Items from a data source
⁂
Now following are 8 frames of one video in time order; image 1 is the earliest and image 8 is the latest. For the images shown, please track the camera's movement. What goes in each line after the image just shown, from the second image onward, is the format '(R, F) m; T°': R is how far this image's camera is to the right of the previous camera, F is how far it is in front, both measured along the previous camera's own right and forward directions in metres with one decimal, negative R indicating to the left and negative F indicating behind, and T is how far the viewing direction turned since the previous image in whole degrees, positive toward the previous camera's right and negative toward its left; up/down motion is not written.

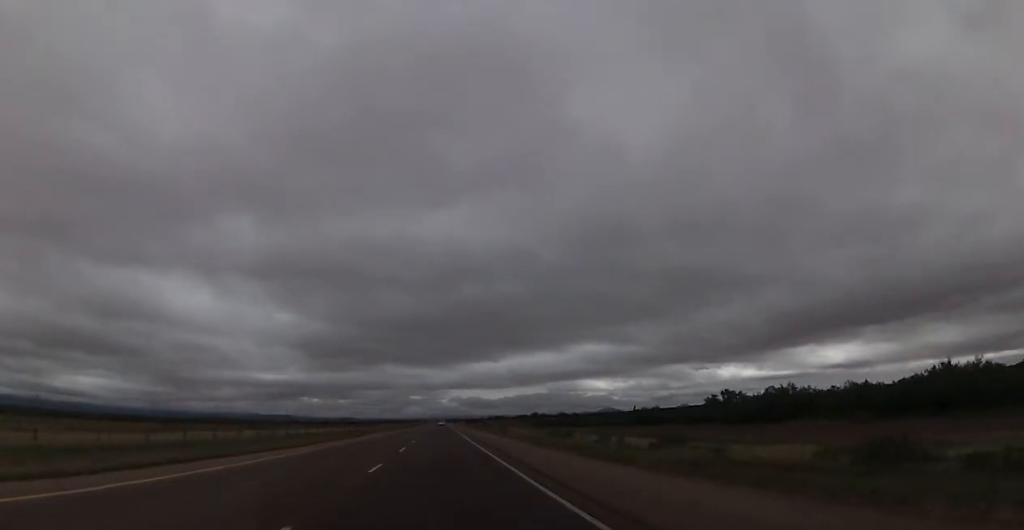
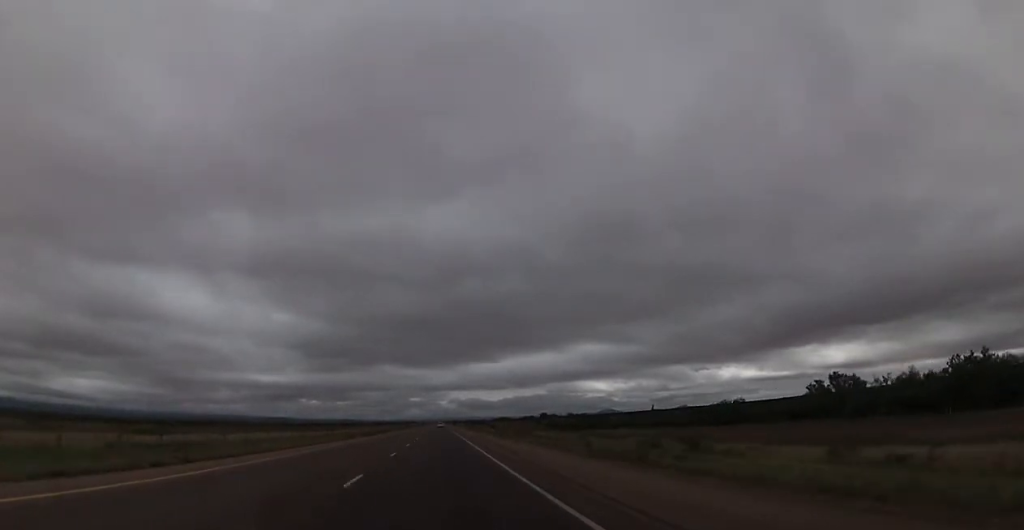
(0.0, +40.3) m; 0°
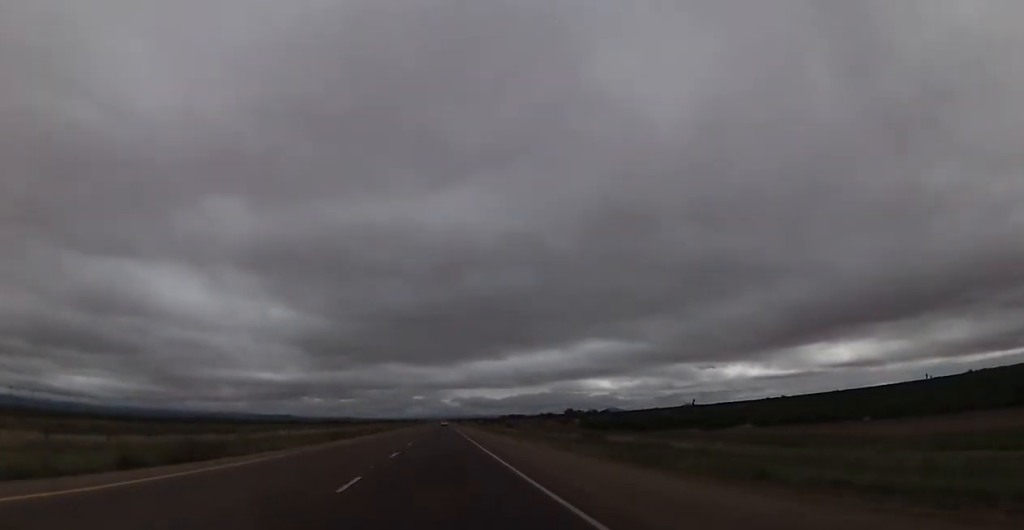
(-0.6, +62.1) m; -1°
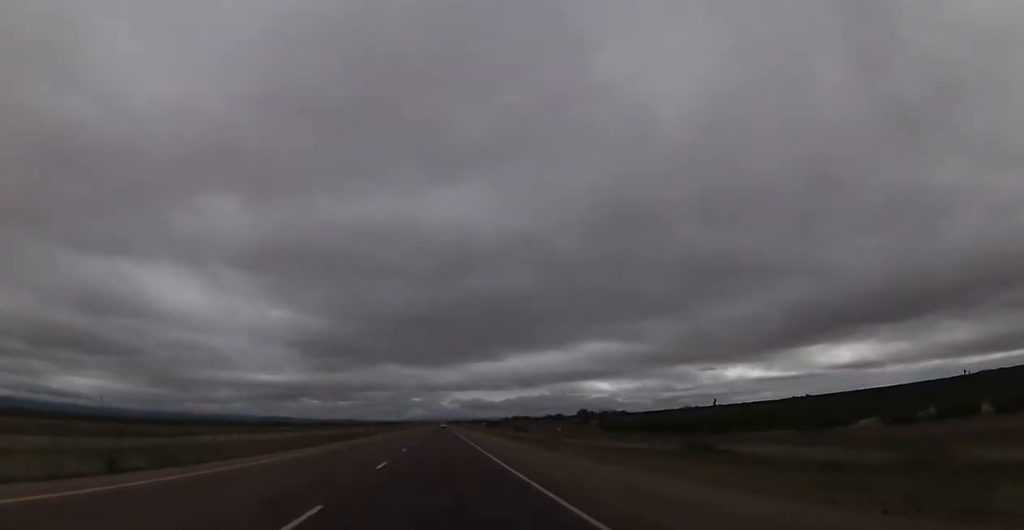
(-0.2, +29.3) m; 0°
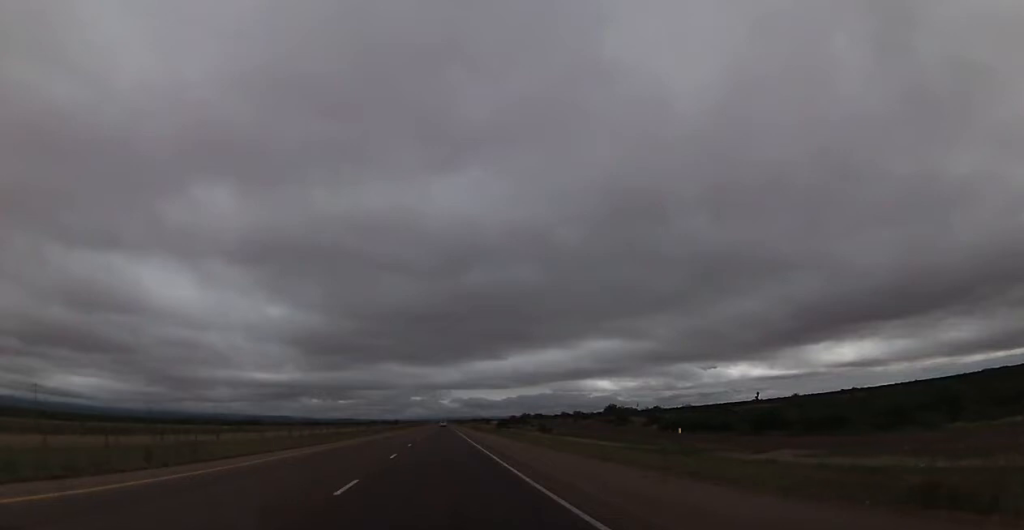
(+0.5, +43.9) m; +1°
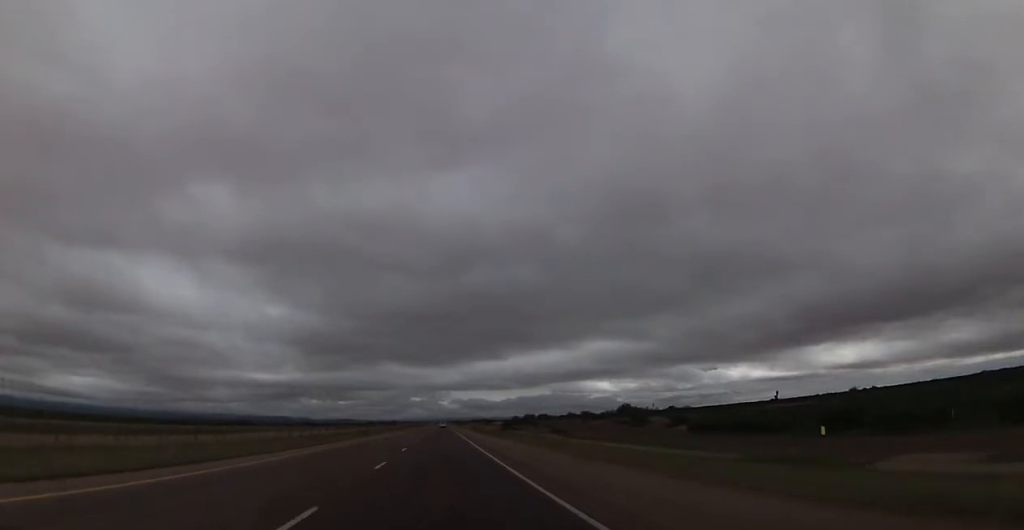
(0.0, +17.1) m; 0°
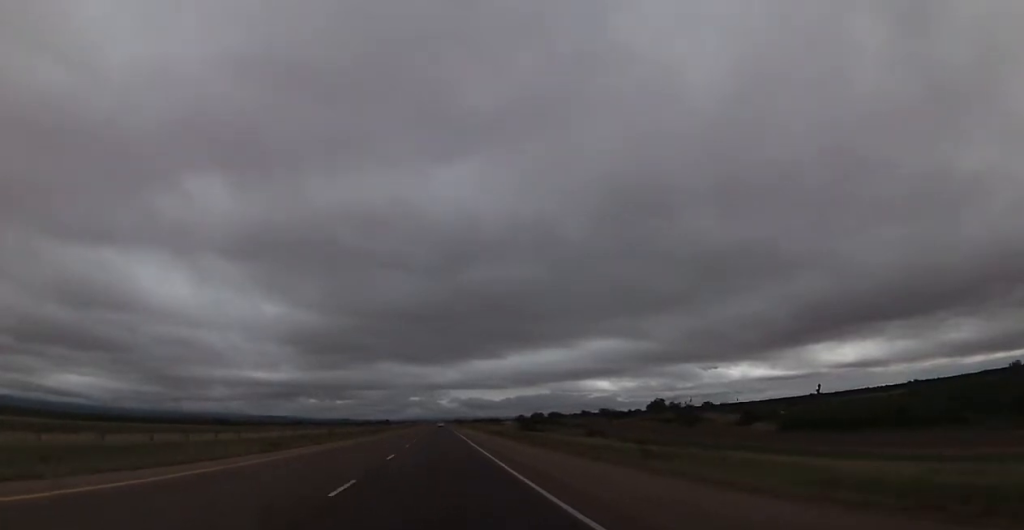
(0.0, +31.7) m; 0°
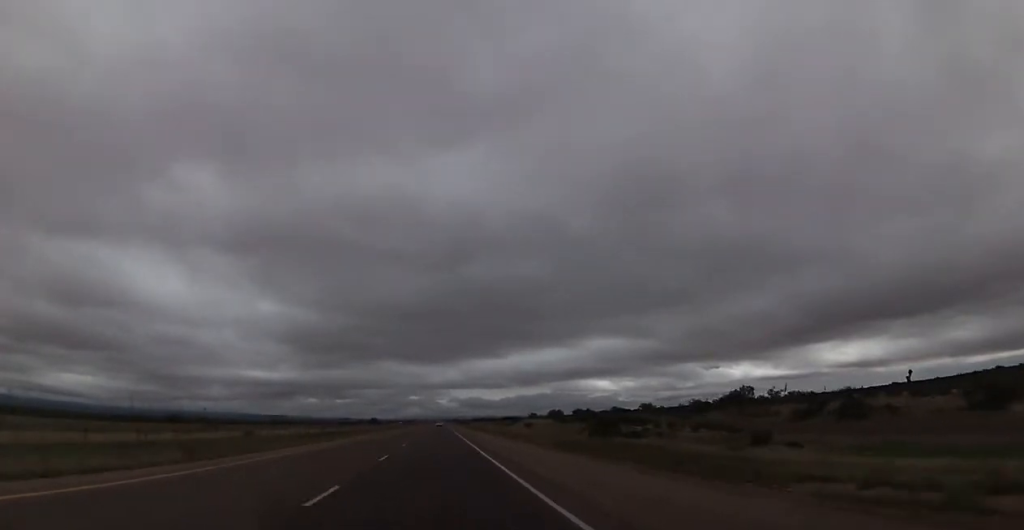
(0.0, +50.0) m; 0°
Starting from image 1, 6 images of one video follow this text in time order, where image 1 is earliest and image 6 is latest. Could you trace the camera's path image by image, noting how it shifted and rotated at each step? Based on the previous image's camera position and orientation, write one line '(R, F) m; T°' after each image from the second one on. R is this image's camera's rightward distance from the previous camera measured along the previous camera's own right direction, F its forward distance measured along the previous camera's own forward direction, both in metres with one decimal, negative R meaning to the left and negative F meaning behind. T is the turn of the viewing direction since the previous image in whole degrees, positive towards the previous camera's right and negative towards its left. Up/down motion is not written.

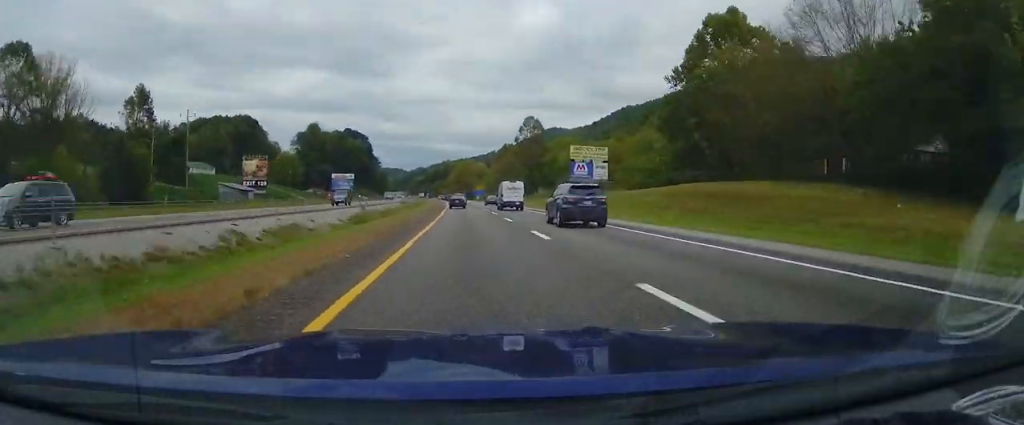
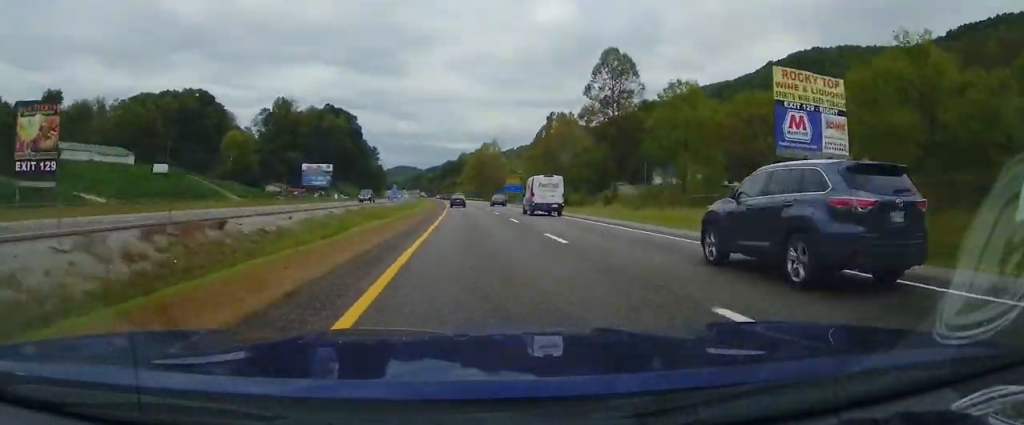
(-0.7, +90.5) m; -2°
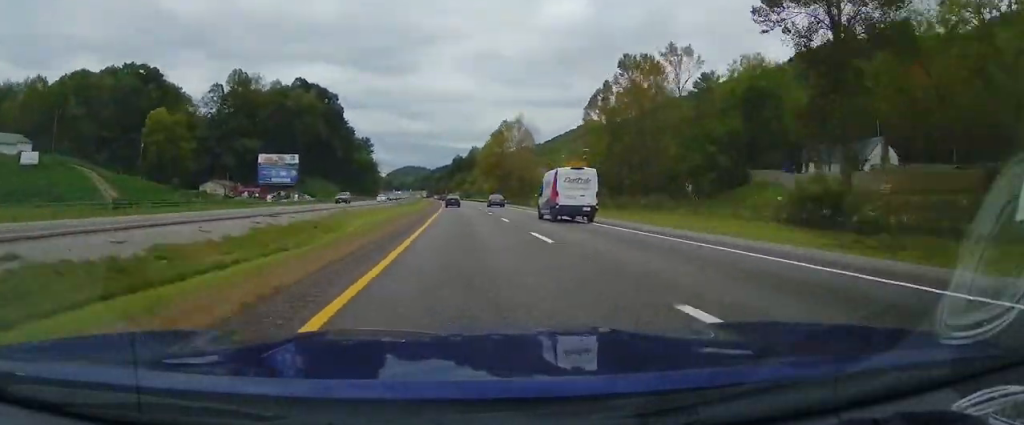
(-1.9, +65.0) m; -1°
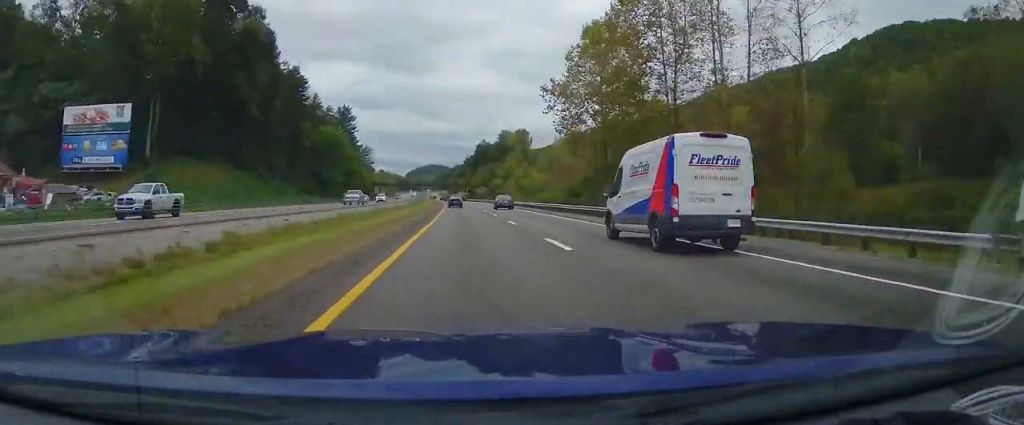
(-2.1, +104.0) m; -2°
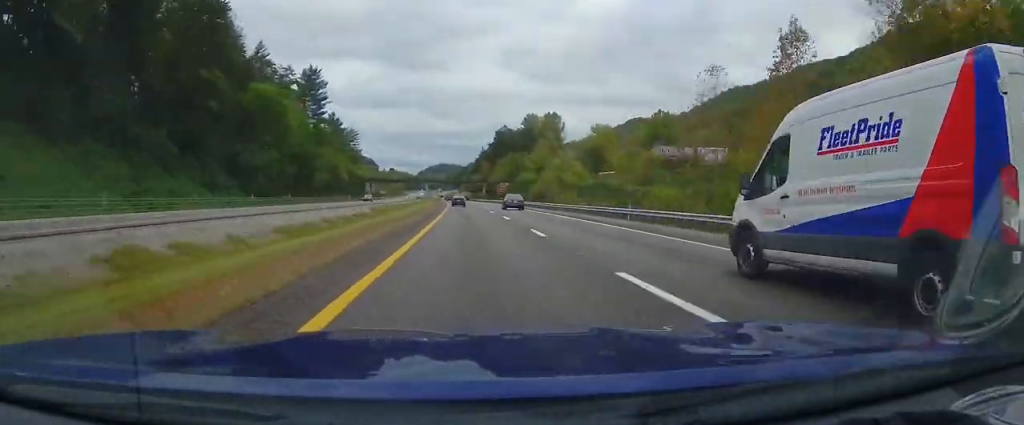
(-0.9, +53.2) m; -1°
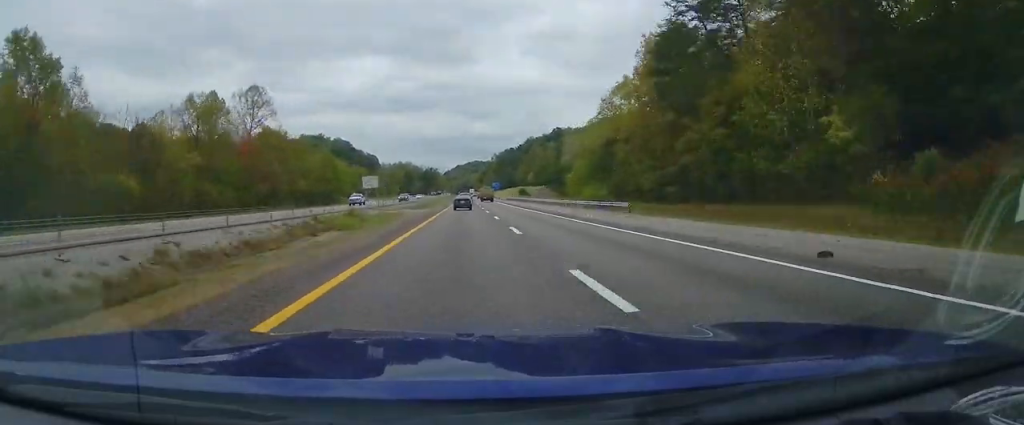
⁂
WORK INSTRUCTION
Return each line above exactly; any pictures are to be skipped.

TASK RESULT
Now following are 8 frames of one video in time order; image 1 is the earliest and image 8 is the latest. For the images shown, please track the camera's movement. What goes in each line after the image just shown, from the second image onward, is the format '(R, F) m; T°': R is how far this image's camera is to the right of the previous camera, F is how far it is in front, both measured along the previous camera's own right and forward directions in metres with one decimal, negative R indicating to the left and negative F indicating behind, and T is how far the viewing direction turned since the previous image in whole degrees, positive toward the previous camera's right and negative toward its left; up/down motion is not written.

(0.0, +40.3) m; 0°
(-0.6, +62.1) m; -1°
(-0.2, +29.3) m; 0°
(+0.5, +43.9) m; +1°
(0.0, +17.1) m; 0°
(0.0, +31.7) m; 0°
(0.0, +50.0) m; 0°
Starting from image 1, 6 images of one video follow this text in time order, where image 1 is earliest and image 6 is latest. Could you trace the camera's path image by image, noting how it shifted and rotated at each step? Based on the previous image's camera position and orientation, write one line '(R, F) m; T°' after each image from the second one on. R is this image's camera's rightward distance from the previous camera measured along the previous camera's own right direction, F its forward distance measured along the previous camera's own forward direction, both in metres with one decimal, negative R meaning to the left and negative F meaning behind. T is the turn of the viewing direction since the previous image in whole degrees, positive towards the previous camera's right and negative towards its left. Up/down motion is not written.

(-0.7, +90.5) m; -2°
(-1.9, +65.0) m; -1°
(-2.1, +104.0) m; -2°
(-0.9, +53.2) m; -1°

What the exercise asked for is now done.